The Sheffield Press

Politics

Farage faces scrutiny over undisclosed gifts as Clacton by-election looms

By Joe Burgett ·
Farage faces scrutiny over undisclosed gifts as Clacton by-election looms

Nigel Farage said he would resign as MP and stand again in a Clacton by-election, escalating a standards row over undisclosed gifts into a direct test of Reform U.K.’s durability. The contest will revisit the Essex seat he won on July 4, 2024, when he took Clacton with a majority of 8,405 on a 58.7% turnout.

Parliament’s standards watchdog referred Farage on July 5 after allegations that he failed to declare some benefits, a move that could open the door to a second probe into gifts he has received. The scrutiny has centered on an alleged undisclosed £5 million donation from cryptocurrency billionaire Christopher Harborne and on claims that George Cottrell, described in reporting as a convicted fraudster in the United States, provided security services, drivers, staff, social media support and accommodation before Farage entered Parliament.

AI-generated illustration
AI-generated illustration

Farage denied wrongdoing and said he had done nothing wrong and had not broken the law. He framed the coming vote in Clacton as a test by the people, arguing that voters should judge his actions directly rather than let the controversy be settled in Westminster.

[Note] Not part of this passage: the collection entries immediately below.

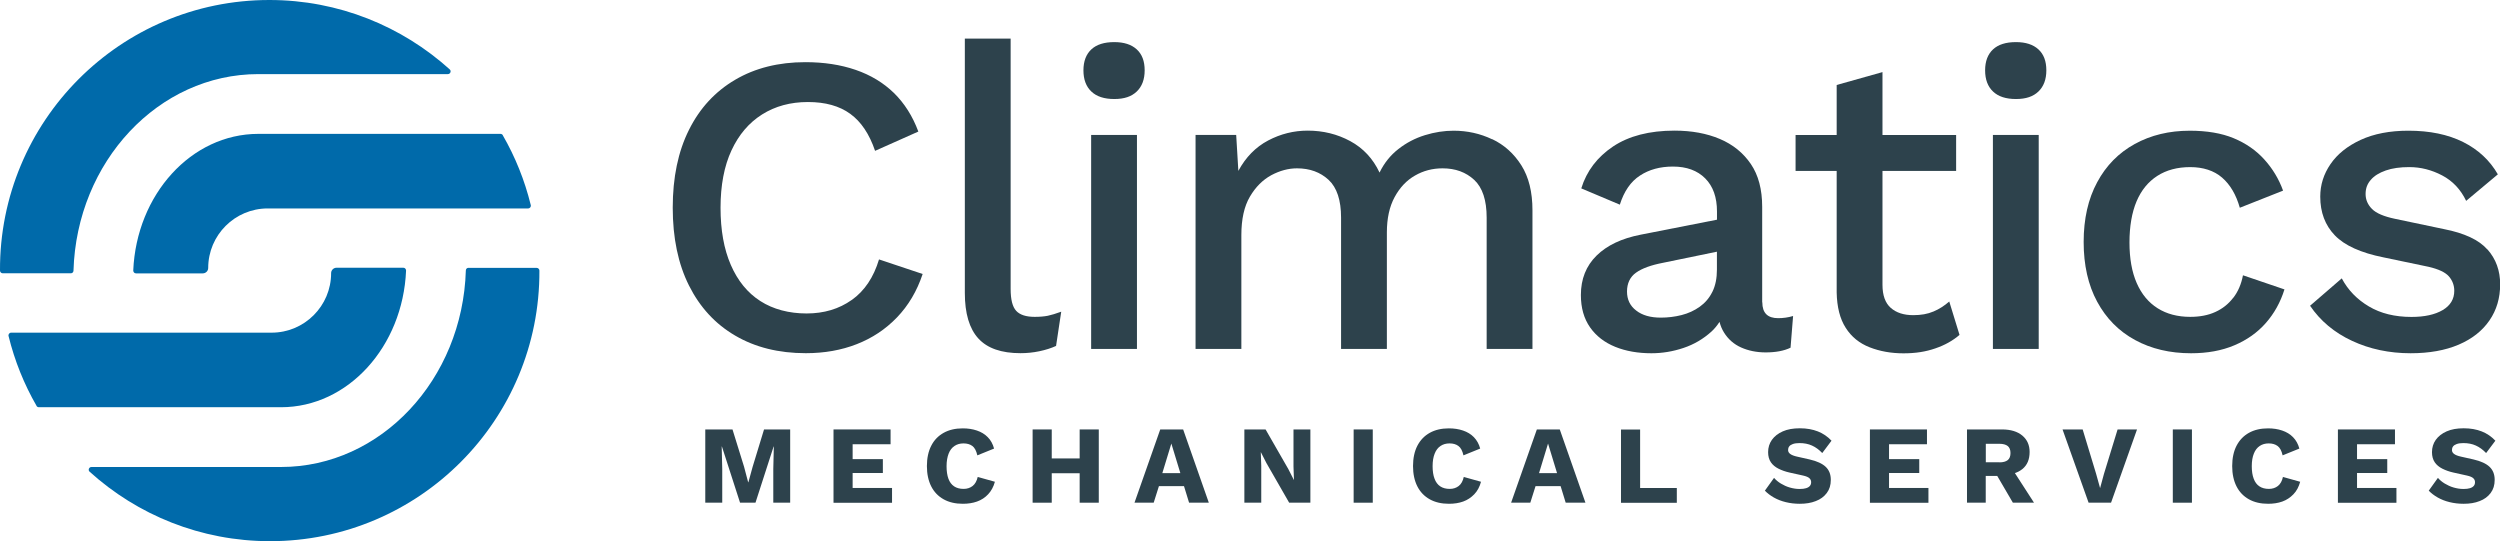 <?xml version="1.0" encoding="UTF-8"?>
<svg id="Layer_2" data-name="Layer 2" xmlns="http://www.w3.org/2000/svg" viewBox="0 0 324.2 70.17">
  <defs>
    <style>
      .cls-1 {
        fill: #2d424c;
      }

      .cls-2 {
        fill: #006aaa;
      }
    </style>
  </defs>
  <g id="Layer_1-2" data-name="Layer 1">
    <g>
      <g>
        <path class="cls-2" d="M65.21,17.54c-.06-.11-.18-.18-.31-.18h-31.4c-8.7,0-15.8,7.87-16.22,17.72,0,.2.15.37.35.37h8.67c.38,0,.7-.31.7-.7h0c0-4.26,3.46-7.72,7.72-7.72h4.08s29.69,0,29.69,0c.23,0,.4-.22.34-.44-.79-3.22-2.02-6.26-3.63-9.05Z"/>
        <path class="cls-2" d="M9.19,35.44c.19,0,.34-.15.34-.34.42-14.13,11.01-25.49,23.97-25.49h24.58c.32,0,.48-.4.24-.61C52.14,3.42,43.93,0,34.93,0,15.58,0-.09,15.73,0,35.09c0,.19.16.35.35.35h8.84Z"/>
        <path class="cls-2" d="M4.73,52.63c.06.11.18.18.31.18h31.4c8.7,0,15.8-7.87,16.22-17.72,0-.2-.15-.37-.35-.37h-8.67c-.38,0-.7.31-.7.7h0c0,4.26-3.46,7.72-7.72,7.72h-4.08s-29.69,0-29.69,0c-.23,0-.4.22-.34.44.79,3.22,2.02,6.26,3.63,9.05Z"/>
        <path class="cls-2" d="M60.75,34.73c-.19,0-.34.15-.34.34-.42,14.13-11.01,25.49-23.97,25.49H11.86c-.32,0-.48.4-.24.61,6.19,5.6,14.4,9.01,23.4,9.01,19.34,0,35.02-15.73,34.93-35.09,0-.19-.16-.35-.35-.35h-8.84Z"/>
      </g>
      <g>
        <path class="cls-1" d="M110.45,38.9c-1.65,1.17-3.6,1.75-5.86,1.75s-4.33-.54-5.99-1.61c-1.67-1.07-2.94-2.64-3.83-4.69-.89-2.05-1.33-4.52-1.33-7.41s.47-5.4,1.42-7.44c.94-2.03,2.27-3.59,3.97-4.66,1.7-1.07,3.68-1.61,5.94-1.61s4.09.51,5.49,1.53c1.41,1.02,2.48,2.62,3.22,4.8l5.61-2.5c-.74-2-1.8-3.66-3.16-5-1.37-1.33-3.02-2.33-4.97-3s-4.12-1-6.52-1c-3.48,0-6.51.76-9.1,2.28-2.59,1.52-4.59,3.68-5.99,6.49-1.41,2.81-2.11,6.18-2.11,10.1s.7,7.29,2.11,10.1c1.41,2.81,3.4,4.98,5.99,6.49,2.59,1.52,5.64,2.28,9.16,2.28,2.4,0,4.61-.39,6.6-1.17,2-.78,3.74-1.93,5.22-3.47,1.48-1.54,2.59-3.41,3.33-5.63l-5.66-1.89c-.7,2.33-1.88,4.08-3.52,5.25Z"/>
        <path class="cls-1" d="M134.17,41.09c-1.11,0-1.91-.26-2.39-.78-.48-.52-.72-1.46-.72-2.83V5.01h-5.94v32.97c0,2.66.58,4.63,1.75,5.91,1.17,1.28,2.99,1.91,5.47,1.91.81,0,1.63-.08,2.44-.25.81-.17,1.54-.4,2.17-.69l.67-4.44c-.7.26-1.29.43-1.75.53-.46.09-1.03.14-1.69.14Z"/>
        <path class="cls-1" d="M144.5,5.46c-1.3,0-2.29.31-2.97.94-.68.63-1.03,1.54-1.03,2.72s.34,2.1,1.03,2.75c.68.65,1.67.97,2.97.97s2.23-.32,2.91-.97c.68-.65,1.03-1.56,1.03-2.75s-.34-2.09-1.03-2.72c-.69-.63-1.66-.94-2.91-.94Z"/>
        <rect class="cls-1" x="141.5" y="17.5" width="5.94" height="27.75"/>
        <path class="cls-1" d="M193.5,18.06c-1.55-.74-3.22-1.11-5-1.11-1.22,0-2.46.19-3.72.58-1.26.39-2.41.99-3.44,1.8-1.04.81-1.85,1.83-2.44,3.05-.85-1.81-2.12-3.17-3.8-4.08-1.68-.91-3.52-1.36-5.52-1.36-1.81,0-3.52.43-5.13,1.28-1.61.85-2.9,2.16-3.86,3.94l-.28-4.66h-5.27v27.75h5.94v-14.76c0-2.07.37-3.74,1.11-4.99.74-1.26,1.67-2.18,2.77-2.78,1.11-.59,2.22-.89,3.33-.89,1.67,0,3.03.5,4.11,1.5,1.07,1,1.61,2.63,1.61,4.88v17.04h5.94v-15.1c0-1.81.33-3.34,1-4.58.67-1.24,1.54-2.17,2.64-2.8,1.09-.63,2.28-.94,3.58-.94,1.67,0,3.03.5,4.11,1.5,1.07,1,1.61,2.63,1.61,4.88v17.04h5.94v-17.98c0-2.37-.48-4.31-1.44-5.83-.96-1.52-2.22-2.65-3.77-3.39Z"/>
        <path class="cls-1" d="M228.52,39.2v-12.38c0-2.26-.49-4.11-1.47-5.55-.98-1.44-2.32-2.53-4.02-3.25-1.7-.72-3.66-1.08-5.88-1.08-3.26,0-5.91.69-7.96,2.05-2.05,1.37-3.43,3.18-4.13,5.44l5,2.11c.55-1.74,1.42-3,2.61-3.77,1.18-.78,2.61-1.17,4.27-1.17,1.78,0,3.17.51,4.19,1.53,1.02,1.02,1.53,2.45,1.53,4.3v1.06l-9.88,1.94c-2.48.48-4.39,1.39-5.74,2.72s-2.03,3.03-2.03,5.11c0,1.67.4,3.06,1.19,4.19.79,1.13,1.89,1.97,3.27,2.53s2.95.83,4.69.83c1.41,0,2.79-.23,4.16-.69,1.37-.46,2.57-1.17,3.61-2.11.42-.38.76-.81,1.06-1.27.13.51.32.97.58,1.38.54.87,1.28,1.52,2.22,1.94.94.42,2.01.64,3.19.64,1.29,0,2.37-.2,3.22-.61l.33-4.11c-.63.19-1.28.28-1.94.28-1.37,0-2.05-.68-2.05-2.05ZM222.06,37.84c-.39.8-.94,1.44-1.64,1.94-.7.5-1.49.86-2.36,1.08-.87.22-1.77.33-2.69.33-1.33,0-2.4-.3-3.19-.92-.8-.61-1.19-1.43-1.19-2.47s.39-1.89,1.17-2.44c.78-.56,1.94-.98,3.5-1.28l6.99-1.44v2.33c0,1.11-.19,2.06-.58,2.86Z"/>
        <path class="cls-1" d="M250.72,40.4c-.74.32-1.61.47-2.61.47-1.22,0-2.19-.31-2.91-.94-.72-.63-1.08-1.63-1.08-3v-14.76h9.55v-4.66h-9.55v-8.16l-5.94,1.67v6.49h-5.33v4.66h5.33v15.76c.04,1.89.42,3.41,1.17,4.58.74,1.17,1.78,2.01,3.11,2.53s2.79.78,4.38.78,2.89-.21,4.13-.64c1.24-.42,2.28-1.01,3.14-1.75l-1.33-4.33c-.63.55-1.31.99-2.05,1.3Z"/>
        <path class="cls-1" d="M261.43,5.46c-1.3,0-2.29.31-2.97.94-.68.63-1.03,1.54-1.03,2.72s.34,2.1,1.03,2.75c.68.65,1.67.97,2.97.97s2.23-.32,2.91-.97c.68-.65,1.03-1.56,1.03-2.75s-.34-2.09-1.03-2.72c-.69-.63-1.66-.94-2.91-.94Z"/>
        <rect class="cls-1" x="258.44" y="17.5" width="5.94" height="27.75"/>
        <path class="cls-1" d="M289.6,38.62c-.61.8-1.38,1.41-2.3,1.83-.93.43-2.02.64-3.27.64-1.63,0-3.04-.37-4.22-1.11-1.18-.74-2.09-1.83-2.72-3.27-.63-1.44-.94-3.2-.94-5.27s.31-3.89.92-5.33,1.51-2.54,2.69-3.3c1.18-.76,2.61-1.14,4.27-1.14s3.08.45,4.13,1.36c1.05.91,1.82,2.21,2.3,3.91l5.61-2.22c-.55-1.52-1.37-2.87-2.44-4.05-1.07-1.18-2.4-2.1-3.97-2.75-1.57-.65-3.47-.97-5.69-.97-2.66,0-5.04.57-7.13,1.72-2.09,1.15-3.72,2.8-4.88,4.97-1.17,2.16-1.75,4.75-1.75,7.74s.58,5.58,1.75,7.74c1.17,2.17,2.8,3.82,4.91,4.97,2.11,1.15,4.53,1.72,7.27,1.72,2.11,0,3.98-.34,5.61-1.03s2.99-1.65,4.08-2.89c1.09-1.24,1.9-2.69,2.42-4.36l-5.38-1.83c-.22,1.15-.64,2.12-1.25,2.91Z"/>
        <path class="cls-1" d="M322.56,32.35c-1.09-1.24-2.97-2.12-5.63-2.64l-6.33-1.33c-1.44-.3-2.44-.72-3-1.28-.55-.56-.83-1.2-.83-1.94s.22-1.31.67-1.83c.44-.52,1.09-.92,1.94-1.22.85-.3,1.87-.44,3.05-.44,1.48,0,2.9.36,4.27,1.08,1.37.72,2.4,1.82,3.11,3.3l4.11-3.44c-1.04-1.81-2.54-3.21-4.5-4.19-1.96-.98-4.33-1.47-7.1-1.47-2.41,0-4.47.4-6.19,1.19-1.72.8-3.02,1.84-3.91,3.14-.89,1.3-1.33,2.7-1.33,4.22,0,2.04.63,3.71,1.89,5.02,1.26,1.31,3.37,2.27,6.33,2.86l5.83,1.22c1.29.3,2.17.71,2.64,1.25.46.54.69,1.16.69,1.86,0,1.07-.5,1.91-1.5,2.5-1,.59-2.35.89-4.05.89-2.15,0-3.99-.45-5.52-1.36-1.54-.91-2.71-2.12-3.52-3.64l-4.11,3.55c1.33,1.96,3.14,3.48,5.44,4.55,2.29,1.07,4.83,1.61,7.6,1.61,2.41,0,4.48-.37,6.22-1.11,1.74-.74,3.07-1.79,4-3.14s1.39-2.91,1.39-4.69-.55-3.28-1.64-4.52Z"/>
      </g>
      <g>
        <path class="cls-1" d="M102.47,55.69v9.5h-2.19v-4.36l.07-2.92h-.03l-2.35,7.28h-2l-2.35-7.28h-.03l.07,2.92v4.36h-2.2v-9.5h3.53l1.5,4.84.53,2.01h.03l.55-2,1.48-4.85h3.38Z"/>
        <path class="cls-1" d="M108.09,65.19v-9.5h7.4v1.92h-4.92v1.93h3.92v1.8h-3.92v1.94h5.11v1.92h-7.59Z"/>
        <path class="cls-1" d="M129.02,62.47c-.18.66-.48,1.21-.88,1.63-.4.43-.88.74-1.44.94-.56.2-1.17.29-1.84.29-.96,0-1.79-.19-2.49-.58-.7-.39-1.24-.95-1.61-1.68-.37-.73-.56-1.61-.56-2.63s.19-1.91.56-2.63c.37-.73.91-1.29,1.61-1.68.7-.39,1.53-.58,2.48-.58.66,0,1.27.09,1.83.28.56.19,1.03.47,1.41.86.38.38.66.88.82,1.48l-2.17.88c-.13-.59-.35-1-.65-1.22s-.68-.33-1.14-.33-.84.11-1.17.33-.59.55-.76.99-.27.98-.27,1.63.08,1.19.24,1.63.41.77.74.99c.33.22.74.33,1.23.33.46,0,.85-.13,1.17-.38.32-.25.54-.65.66-1.17l2.25.63Z"/>
        <path class="cls-1" d="M136.39,55.69v9.5h-2.48v-9.5h2.48ZM141.34,59.45v1.92h-6.22v-1.92h6.22ZM142.49,55.69v9.5h-2.48v-9.5h2.48Z"/>
        <path class="cls-1" d="M156.75,65.19h-2.55l-.66-2.15h-3.25l-.68,2.15h-2.49l3.34-9.5h2.97l3.33,9.5ZM150.74,61.36h2.33l-1.17-3.84-1.17,3.84Z"/>
        <path class="cls-1" d="M169.93,55.69v9.5h-2.75l-2.95-5.14-.72-1.41h-.01l.06,1.76v4.79h-2.19v-9.5h2.75l2.95,5.14.72,1.41h.01l-.06-1.76v-4.79h2.19Z"/>
        <path class="cls-1" d="M178.02,55.69v9.5h-2.48v-9.5h2.48Z"/>
        <path class="cls-1" d="M192.06,62.47c-.18.66-.47,1.21-.88,1.63s-.88.74-1.44.94c-.56.2-1.17.29-1.84.29-.96,0-1.79-.19-2.49-.58-.7-.39-1.24-.95-1.61-1.68-.37-.73-.56-1.61-.56-2.63s.19-1.91.56-2.63c.38-.73.91-1.29,1.61-1.68.7-.39,1.53-.58,2.48-.58.66,0,1.27.09,1.83.28.56.19,1.03.47,1.41.86s.66.88.82,1.48l-2.17.88c-.13-.59-.35-1-.66-1.22-.3-.22-.68-.33-1.14-.33s-.84.11-1.17.33-.59.55-.76.99c-.18.44-.27.98-.27,1.63s.08,1.19.25,1.63c.16.44.41.77.74.99s.74.33,1.23.33c.46,0,.85-.13,1.17-.38.32-.25.54-.65.65-1.17l2.25.63Z"/>
        <path class="cls-1" d="M205.59,65.19h-2.55l-.66-2.15h-3.25l-.68,2.15h-2.49l3.34-9.5h2.97l3.33,9.5ZM199.59,61.36h2.33l-1.17-3.84-1.17,3.84Z"/>
        <path class="cls-1" d="M212.69,63.28h4.76v1.92h-7.24v-9.5h2.48v7.59Z"/>
        <path class="cls-1" d="M233.41,55.54c.88,0,1.66.14,2.34.41s1.26.67,1.76,1.2l-1.2,1.6c-.41-.43-.86-.76-1.33-.97-.48-.22-1.02-.32-1.62-.32-.35,0-.64.04-.86.12-.22.08-.38.18-.48.32s-.14.29-.14.46c0,.2.09.37.28.51.19.14.49.26.91.35l1.6.36c.95.22,1.65.54,2.09.96.44.42.66.98.66,1.68s-.17,1.24-.52,1.71c-.35.47-.82.82-1.43,1.05-.6.24-1.29.35-2.07.35-.63,0-1.24-.07-1.81-.21-.58-.14-1.09-.34-1.55-.6s-.85-.56-1.17-.89l1.19-1.66c.24.28.54.53.89.74s.73.39,1.15.51c.42.12.84.19,1.27.19.34,0,.62-.03.84-.1.23-.07.39-.17.5-.3s.16-.29.16-.48c0-.2-.07-.37-.22-.51-.14-.14-.42-.26-.82-.35l-1.76-.39c-.54-.12-1.01-.29-1.43-.5-.42-.21-.75-.48-.99-.83-.24-.35-.36-.79-.36-1.32,0-.59.16-1.12.49-1.59.33-.46.8-.83,1.41-1.1s1.35-.4,2.2-.4Z"/>
        <path class="cls-1" d="M242.49,65.19v-9.5h7.4v1.92h-4.92v1.93h3.92v1.8h-3.92v1.94h5.11v1.92h-7.59Z"/>
        <path class="cls-1" d="M259.62,55.69c1.13,0,2.01.27,2.64.8.63.53.94,1.24.94,2.12,0,.97-.31,1.71-.94,2.22s-1.5.76-2.63.76l-.23.13h-1.89v3.47h-2.43v-9.5h4.54ZM259.28,59.96c.48,0,.84-.1,1.08-.29.24-.19.36-.5.36-.92s-.12-.71-.36-.91c-.24-.19-.6-.29-1.08-.29h-1.76v2.4h1.76ZM260.73,60.48l3.04,4.71h-2.74l-2.43-4.16,2.13-.55Z"/>
        <path class="cls-1" d="M277.13,55.69l-3.37,9.5h-2.91l-3.38-9.5h2.61l1.74,5.74.52,1.87.5-1.84,1.77-5.77h2.52Z"/>
        <path class="cls-1" d="M284.25,55.69v9.5h-2.48v-9.5h2.48Z"/>
        <path class="cls-1" d="M298.29,62.47c-.18.66-.47,1.21-.88,1.63s-.88.74-1.44.94c-.56.2-1.17.29-1.84.29-.96,0-1.79-.19-2.49-.58-.7-.39-1.24-.95-1.61-1.68-.37-.73-.56-1.61-.56-2.63s.19-1.91.56-2.63c.38-.73.91-1.29,1.61-1.68.7-.39,1.53-.58,2.48-.58.66,0,1.27.09,1.83.28.56.19,1.03.47,1.41.86s.66.88.82,1.48l-2.17.88c-.13-.59-.35-1-.66-1.22-.3-.22-.68-.33-1.14-.33s-.84.11-1.17.33-.59.55-.76.99c-.18.44-.27.98-.27,1.63s.08,1.19.25,1.63c.16.44.41.77.74.99s.74.33,1.23.33c.46,0,.85-.13,1.17-.38.32-.25.54-.65.65-1.17l2.25.63Z"/>
        <path class="cls-1" d="M303.18,65.19v-9.5h7.4v1.92h-4.92v1.93h3.92v1.8h-3.92v1.94h5.11v1.92h-7.59Z"/>
        <path class="cls-1" d="M319.5,55.54c.88,0,1.66.14,2.34.41s1.26.67,1.76,1.2l-1.2,1.6c-.41-.43-.86-.76-1.33-.97-.48-.22-1.02-.32-1.62-.32-.35,0-.64.04-.86.12-.22.08-.38.18-.48.32s-.14.29-.14.46c0,.2.09.37.28.51.19.14.49.26.91.35l1.6.36c.95.22,1.65.54,2.09.96.44.42.66.98.66,1.68s-.17,1.24-.52,1.71c-.35.47-.82.82-1.43,1.05-.6.24-1.29.35-2.07.35-.63,0-1.24-.07-1.81-.21-.58-.14-1.09-.34-1.55-.6s-.85-.56-1.17-.89l1.19-1.66c.24.28.54.53.89.74s.73.39,1.15.51c.42.12.84.19,1.27.19.34,0,.62-.03.84-.1.23-.07.39-.17.5-.3s.16-.29.16-.48c0-.2-.07-.37-.22-.51-.14-.14-.42-.26-.82-.35l-1.76-.39c-.54-.12-1.01-.29-1.43-.5-.42-.21-.75-.48-.99-.83-.24-.35-.36-.79-.36-1.32,0-.59.16-1.12.49-1.59.33-.46.8-.83,1.41-1.1s1.35-.4,2.2-.4Z"/>
      </g>
    </g>
  </g>
</svg>

The timing raises the stakes for Reform U.K., which has tried to sustain its momentum while facing a narrower polling lead and a string of missed chances in parliamentary by-elections this year. Recent surveys have put the party in the mid-to-high 20s, with support around 25% in some polls and about 27% in others, but it has not translated that standing into local by-election wins.

Nigel Farage — Wikimedia Commons
Diliff via Wikimedia Commons (CC BY-SA 3.0)

Clacton gives Farage a personal base and a political risk at the same time. The constituency had an electorate of 78,245 in the 2024 general election, and his majority there turned a long-shot campaign into one of the most watched gains of that vote. Now the same seat will measure whether a scandal over gifts and undeclared support weakens the insurgent appeal that helped make Reform U.K. a national force, or instead rallies it around the party leader who built much of its identity himself.